Weekly Update 30th June 2013 – LS Trader

The dollar has continued its recent rally and looks set to move higher over the coming weeks. Stocks have also corrected some of their recent decline but whether there is sufficient strength left to test the recent all time highs remains to be seen. Commodities have continued to press lower as expected. There is potential for some large moves in several markets over the coming weeks and months so plenty of profitable trading looks to be ahead to add to what has already been a profitable year.

Stocks

The past week has seen stocks move higher, correcting some of their recent declines. How much of that was due to “window dressing” by funds to position themselves at the end of the first half of the year is debatable. For now the long term trend is still up with the highs on May 22 as the target.

The S&P 500 has twice tested its 50-day moving average from below on the last two trading days. The trend remains up but this level may provide some short term resistance early next week. If this near term resistance can be broken it’s possible that we will see a move higher towards 1650 and possibly higher. However, lower prices in the short term look slightly more likely.
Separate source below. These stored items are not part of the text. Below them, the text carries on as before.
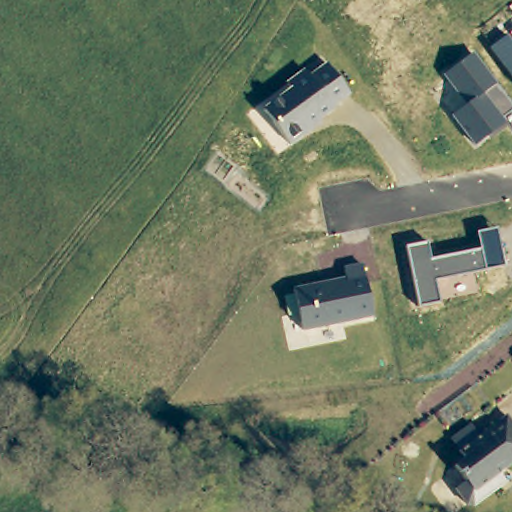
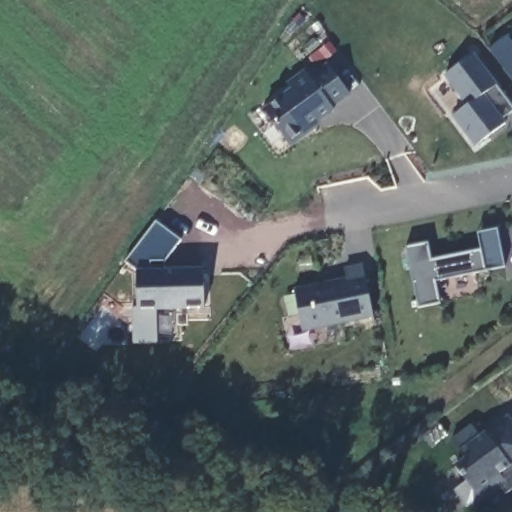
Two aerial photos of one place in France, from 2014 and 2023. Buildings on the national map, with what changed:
unchanged [(488,49),(508,35),(512,40),(512,81),(488,49)]
unchanged [(502,118),(507,124),(474,148),(451,116),(464,106),(442,75),(473,53),(512,106),(512,112),(502,118)]
unchanged [(320,121),(322,124),(292,147),(262,108),(289,87),(284,81),(303,67),(310,75),(326,63),(352,95),(320,121)]
new [(157,222),(179,240),(164,260),(165,269),(204,268),(205,307),(138,310),(136,269),(126,262),(157,222)]
unchanged [(505,266),(436,281),(440,303),(418,308),(406,246),(428,242),(432,259),(480,249),(477,231),(498,227),(505,266)]
unchanged [(374,318),(302,332),(293,289),(346,278),(344,267),(362,264),(374,318)]
unchanged [(512,422),(512,463),(502,469),(496,479),(502,486),(473,505),(464,504),(452,488),(465,479),(454,464),(468,455),(462,447),(506,415),(512,422)]

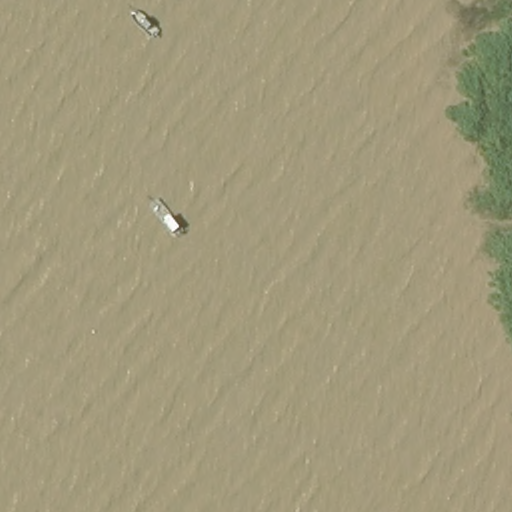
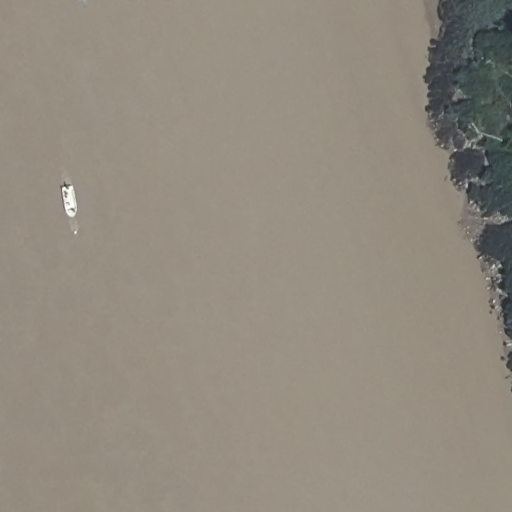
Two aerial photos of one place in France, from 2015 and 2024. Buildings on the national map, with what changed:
[]

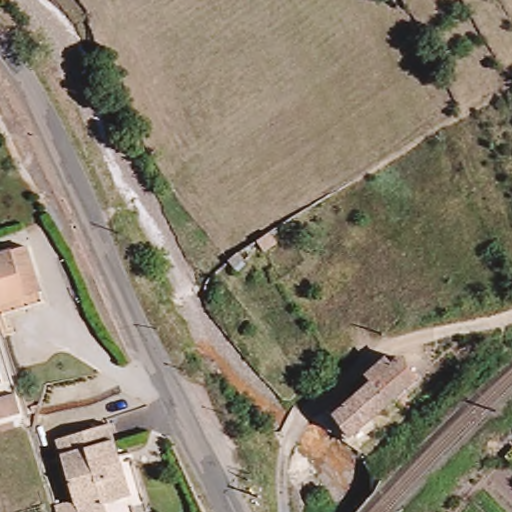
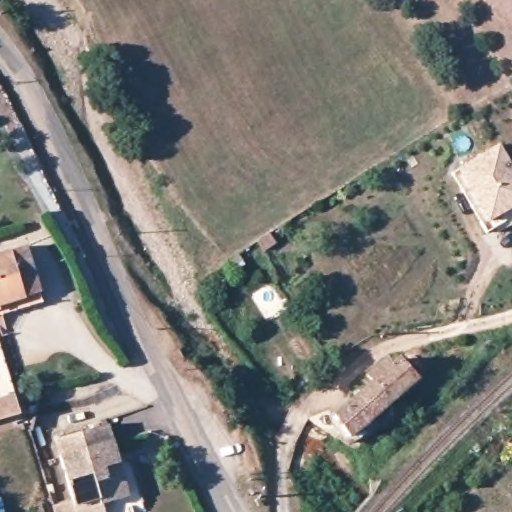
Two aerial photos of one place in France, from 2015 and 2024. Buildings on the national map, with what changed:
new [(512,226),(508,221),(488,232),(451,173),(457,168),(500,144),(512,165),(512,226)]
unchanged [(26,306),(25,299),(6,303),(8,310),(11,325),(3,328),(0,315),(0,250),(30,242),(38,275),(45,301),(26,306)]
unchanged [(370,374),(362,368),(380,352),(388,361),(399,352),(416,371),(388,393),(367,410),(373,416),(350,434),(330,409),(350,391),(370,374)]
unchanged [(0,421),(0,401),(21,397),(30,417),(0,421)]
unchanged [(56,434),(108,422),(118,463),(126,497),(97,503),(100,512),(75,512),(72,504),(56,434)]

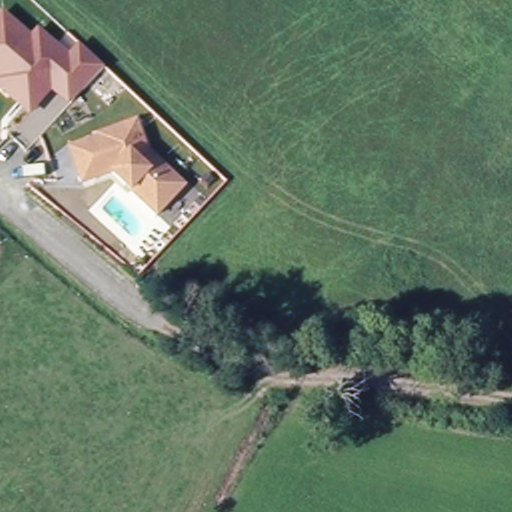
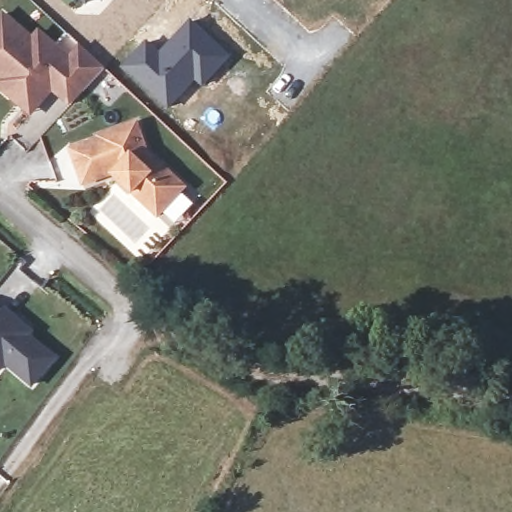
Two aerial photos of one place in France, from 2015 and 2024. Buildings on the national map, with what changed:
new [(85,6),(80,0),(92,0),(85,6)]
unchanged [(0,83),(0,15),(4,11),(33,38),(40,31),(72,62),(84,49),(104,68),(83,91),(71,104),(52,87),(33,107),(30,111),(11,93),(0,83)]
new [(145,39),(158,51),(191,17),(232,55),(201,87),(195,82),(168,109),(119,64),(145,39)]
unchanged [(186,186),(158,215),(113,172),(84,184),(71,149),(100,137),(99,136),(137,122),(147,150),(186,186)]
new [(4,306),(30,328),(27,332),(53,355),(31,382),(4,359),(0,364),(0,310),(4,306)]

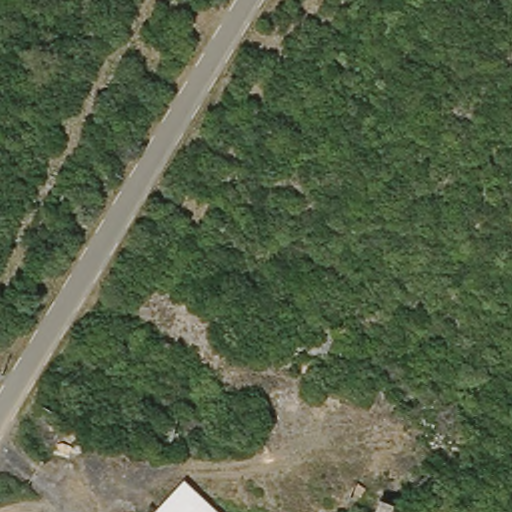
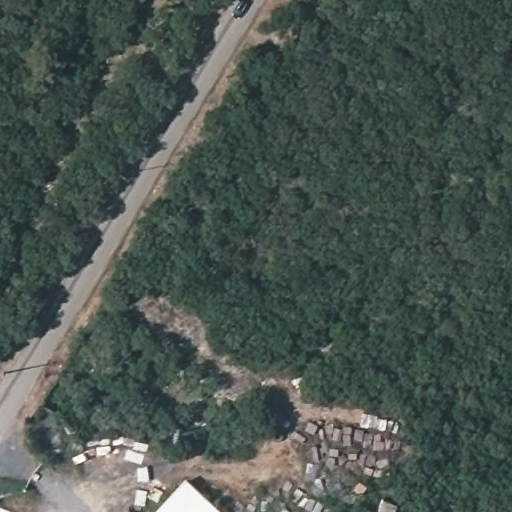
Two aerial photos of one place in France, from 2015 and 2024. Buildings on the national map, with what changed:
unchanged [(217,512),(154,512),(180,481),(217,512)]
unchanged [(496,509),(499,493),(512,496),(512,512),(477,512),(477,510),(496,509)]

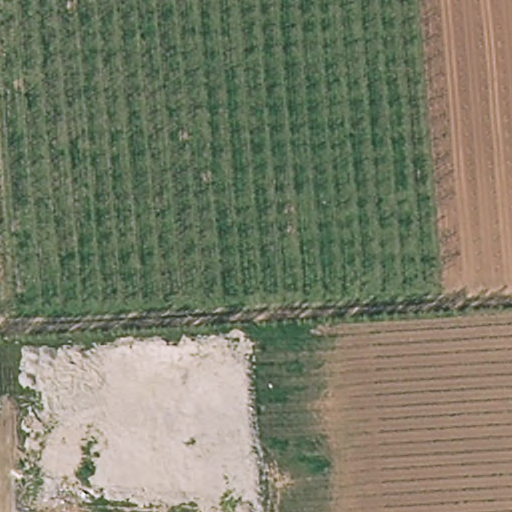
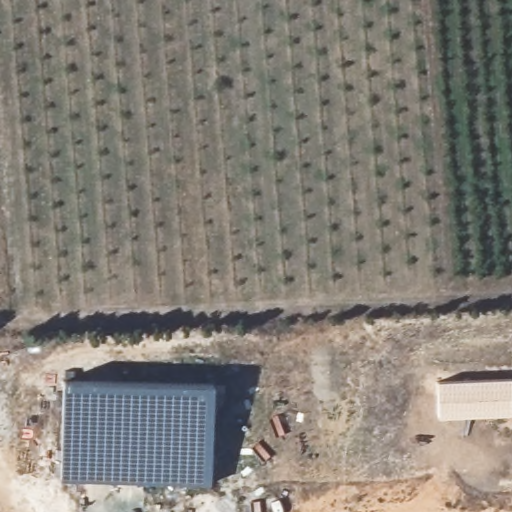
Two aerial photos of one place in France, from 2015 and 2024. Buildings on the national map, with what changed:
new [(512,416),(437,418),(436,381),(512,378),(512,416)]
new [(61,480),(63,380),(212,385),(210,483),(61,480)]

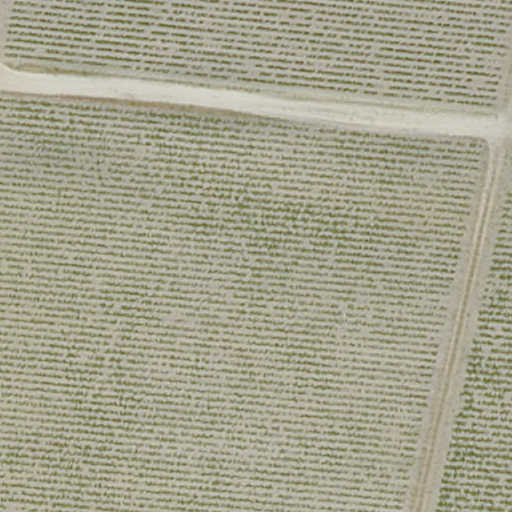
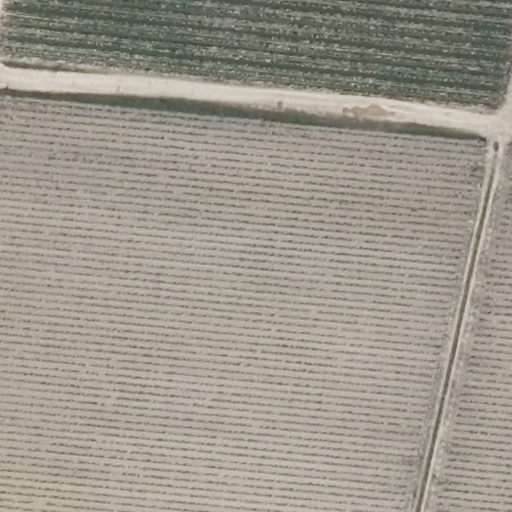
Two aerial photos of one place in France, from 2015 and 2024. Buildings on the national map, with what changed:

The trend for now remains up with near term support at 1550 basis the September contract and critical support at 1525.

The support level that we have been mentioning in the last two weekly updates on the Nikkei at 12420 continues to hold and this has led to a sideways range being formed, which may lead to an upward resolution and a move that will further correct the recent sharp declines. The trend remains up.

Commodities

Gold and silver’s recent collapse has continued this week and the move to the downside is beginning to look a bit over extended in the short-term. This does not however detract from the long term downtrend so although prices may put in a decent bounce over the next few sessions, a considerable move will be required to really put a dent in the downtrend and the expectation of lower prices. Sentiment has however reached an extreme to such an extent that there are hardly any gold bulls, normally a sign that prices will move higher short term.

August Brent crude looks did test the 100 level as expected and having pierced that level briefly intra day, moved higher again. As before a clear break of 100 will likely lead to a move lower towards the April lows below 97.

Grains prices have come under considerable pressure this week in line with the long-term downtrend and our outlook for lower prices in this sector for much of the remainder of this year. Plenty of further downside potential remains, with moves below the 2012 lows as minimum expcectations.

Currencies

The dollar has continued with strength seen in the previous week, which is in fact in line with the longer-term uptrend. The dollar index itself moved back above the 50 day moving average for the first time since early June and may now be headed back to the highs of the year with the possibility of an extended advance over the coming months.

The commodity-based currencies have all been under pressure, all three falling to new lows against the dollar. If the commodity sector continues to decline over the coming months these currencies will continue to suffer.

The Euro and the Pound have also declined over the past couple of weeks, with the latter looking set to resume the long-term downtrend soon and the former potentially moving toward a change of long term trend to down.

Interest rate futures

Interest rate futures bounced marginally higher in a corrective move but the long term trend remains down, with the prospect of lower prices ahead. As we have written before, there is plenty of potential and room for an extended decline over the coming months and indeed years, although there will clearly be some corrective moves along the way. Markets never move up or down in straight lines. The trend for the sector looks to be down for the foreseeable future and considerable strength would be required for that to change anytime soon.